想春

 「あの時が、自分に気付いた瞬間でした。自分の本当に求めるものに」

 古びた扉の前で、すっかり闇に包まれた木々を見ながら鈴音はボンヤリと幸寿に話した。

 もうすっかり夜になってしまっていた。

 暗闇に目が慣れたせいもあるだろうが、明かりもない暗闇にも関わらず幸寿の目には鈴音の表情や目線までもハッキリ見えた。

 幸寿は何か言おうと思ったがなにも言えなかった。

 ただ、話の続きを聞きたかった。

 それと共に康介と言うすでにこの世にはいない人物に対して、言いようもない胸のざわつきを感じてもいた。

 この気持は何なんだろう。

「まだ、お話しても大丈夫ですか?本当は一旦場所を変えて、と言いたいところなんですが、この場所だからあなたに全てを話せる気がして。なので、出来ればワガママに付き合っって頂きたいです」

「大丈夫だよ」

 幸寿の返事に鈴音はホッとしたように軽く息をつくと話し始めた。

 

 その日から鈴音は毎夜毎夜、家人が寝静まった時間を見ては化粧をするようになった。

 馬術の訓練と称して近くの街に降りて、コッソリと化粧用品を買った。

 最初はそれで満足していたが、その内どうしても我慢が出来なくなり女性用の着物の買った。

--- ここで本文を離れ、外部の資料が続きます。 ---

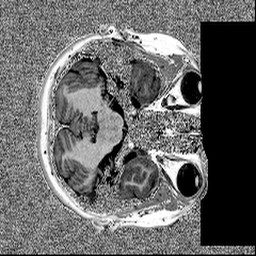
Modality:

 もし、屋敷の人間に見られたら妹のために買った、と言うつもりだったが幸い誰にも見咎められずに済んだ。

 化粧をして、着物を着た自分を見ると鈴音はたまらなく幸福な気持ちになった。

 鏡の中の自分は康介言うところの「心のままに」生きていた。

 それと共に、鈴音の中にある変化が生じた。

 今まで自分の人生の全てと思っていた馬術や武術の鍛錬がハッキリと違和感を感じるようになった。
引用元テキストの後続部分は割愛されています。